検討に検討を重ねた説得方法を携え二人は夕方近くなってから
飽きて寝ている佐為をおぶってアパートを訪れた。
色々と考え検討を重ねた挙句がヒカルの直球勝負になってしまったのは
やはり佐為との関係の深さの分ヒカルに歩があったということで…
だがアキラは、そんな結果に安堵していた。
やはり桑原の真似事は向かないし
彼女のためにも佐為のことを話しておくのは意味があると思ったからだ。
問題は荒唐無稽な話を彼女が信じてくれるか…である。
アパートに着くと神子は着替えて出かける準備をしていた。
二人が咎め立てる目をしているのに子どものようにうろたえて
首に巻くはずだったスカーフを頭に被ってしまった。
スカーフの隙間から怖気づいた仔猫のような目が覗いている。
「神子さん!」アキラとヒカルが同時に声をかけるとピクンと首をすくめる。
思わず吹き出したくなるくらい普段の神子は子どもっぽい。
だがアキラはスカーフの下から覗く首の細いラインと華奢な肩に
昨夜の心の中に生まれた疼きを思い出して笑えなかった。
傍で笑い出してしまったヒカルに神子が気をとられていることを願いながら
自分の気持ちを静める。
バツが悪そうにチロリと舌を出した神子がおどおどと言い出す。
「もう大丈夫だから仕事へ行こうと思って…」
だが一見和んだかに見えたヒカルも内心穏やかでないアキラも再び同時に叫んだ。
「ダメです!」
アキラとヒカルは厳しい表情で神子に仕事先に休む連絡を入れさせると
話があるからと座らせた。
とりあえず最初に切り込むのは真面目で信用度が高いアキラと打ち合わせていた。
ヒカルが頷くとアキラは話し始めた。
「昨日、診て頂いたお医者様から紹介状をもらいました。
費用はボクと進藤で佐為の出世払いということで貸します。
お父さんと一緒に入院してください。

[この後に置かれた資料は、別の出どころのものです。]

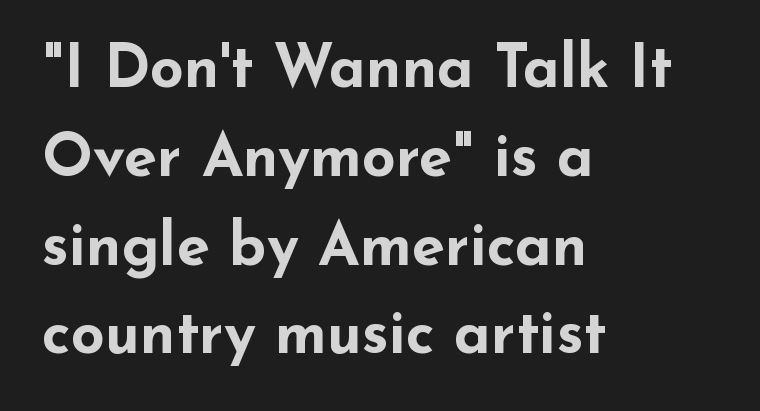
{"serif": "no", "italic": "no", "bold": "yes", "weight": "bold", "width": "wide", "stroke_contrast": "low", "x_height": "small", "monospaced": "no", "underline": "no", "align": "left", "line_spacing": "normal", "line_spacing_ratio": 1.48, "letter_spacing": "normal", "letter_spacing_em": 0.0, "glyph_px": 60}
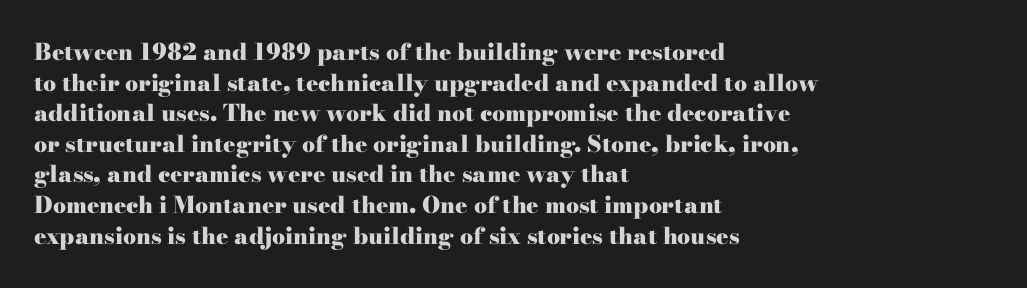
{"italic": "no", "bold": "yes", "underline": "no", "align": "left", "line_spacing": "normal", "line_spacing_ratio": 1.33, "letter_spacing": "normal", "letter_spacing_em": 0.0, "glyph_px": 23}
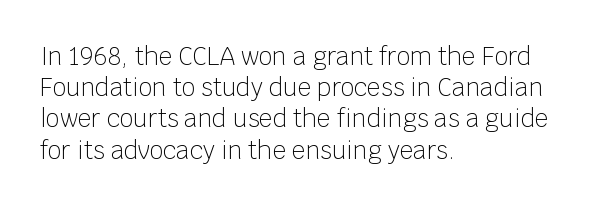
{"italic": "no", "bold": "no", "underline": "no", "align": "left", "line_spacing": "normal", "line_spacing_ratio": 1.3, "letter_spacing": "normal", "letter_spacing_em": 0.0, "glyph_px": 24}
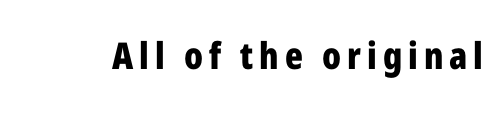
{"serif": "no", "italic": "no", "bold": "yes", "weight": "bold", "width": "condensed", "stroke_contrast": "low", "x_height": "medium", "monospaced": "no", "underline": "no", "glyph_px": 37}
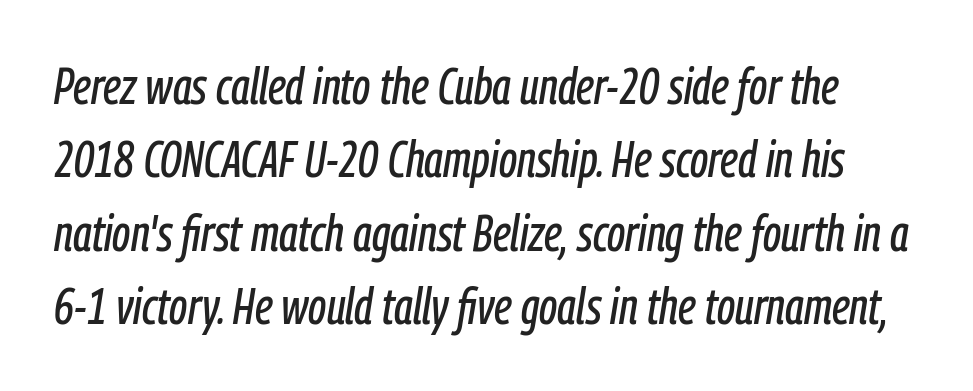
Nobody drew a line under any word here. Short note: letters normally spaced. Each letter keeps its own natural width here, so spacing adapts to shape. The designer left line spacing at the default. The glyphs look as if they've been sheared to an angle.
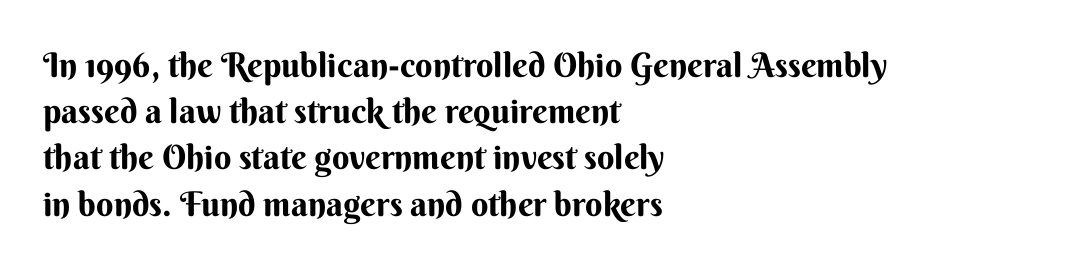
Caption: standard tracking, unaltered. Quick note: not italic, upright. The designer went with a sans here, leaving each stem footless. Interline gaps are of average width in this sample. Caption: multi-line text, flush left, ragged right.
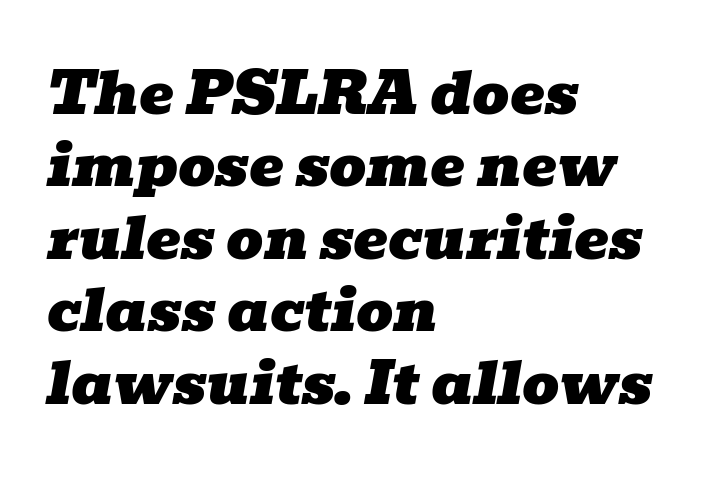
Classification — serif. Designer's note — italics engaged. Rule under the text: the space is simply empty. Each letter keeps its own natural width here, so spacing adapts to shape.
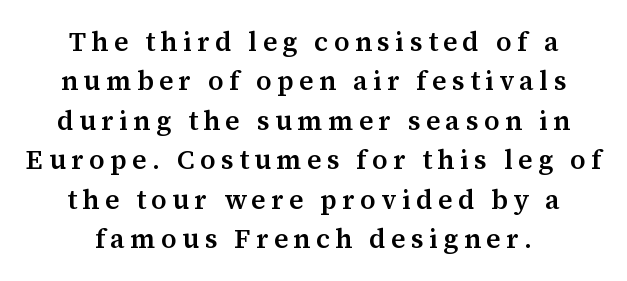
Q: Is the text bold? A: Semi-bold.
Q: Is the text italic (slanted)? A: No, it is upright.
Q: Is the text underlined? A: No.
Q: How is the paragraph aligned? A: Centered.
Q: Is the spacing between letters normal or unusually wide? A: Unusually wide.
Q: Is the spacing between lines tight, normal or loose? A: Normal.
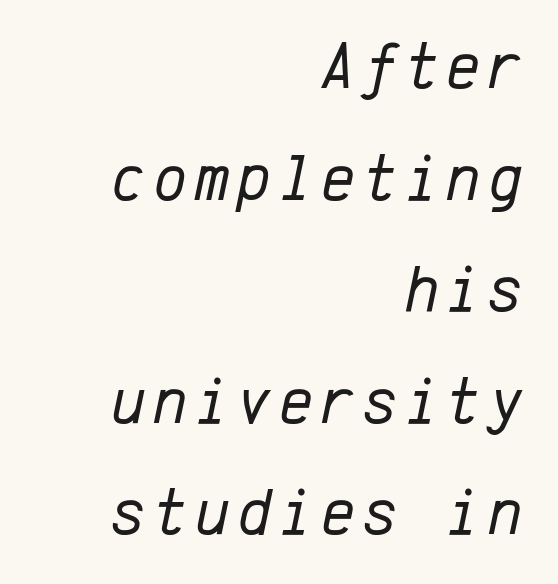
Q: Is the text bold? A: No.
Q: Is the text italic (slanted)? A: Yes, it leans right by about 12 degrees.
Q: Is the text underlined? A: No.
Q: How is the paragraph aligned? A: Right-aligned.
Q: Is the spacing between lines tight, normal or loose? A: Normal.
Q: Width (condensed, normal, or wide)? A: Normal.
Q: Stroke contrast? A: Low.
Q: x-height? A: Medium.
Q: Monospaced? A: Yes.

」
神子が断りを口にしようとするのをヒカルが遮った。
「理由もなく貸すといってるんじゃないんだ。オレは、そうしなければならない…
いや、そうする権利がある!」
神子が驚いて首を傾げると間髪を入れずにヒカルは話し始めた。
アキラは自分に佐為のことを話した時とは違い熱っぽく瞳を輝かせながら
泣き笑い話す進藤ヒカルを傍らで眺めていた。
あの時は階段を一歩一歩降りながら独り言を呟くように砂を噛むように話していた。
それが今は、まるで出会ったばかりのころに戻ったようだ。
苦鳴を噛み殺していた時も、真新しい扇子を握りしめていた時もあったのに…
いや、今でも心の中に傷はあるに違いない。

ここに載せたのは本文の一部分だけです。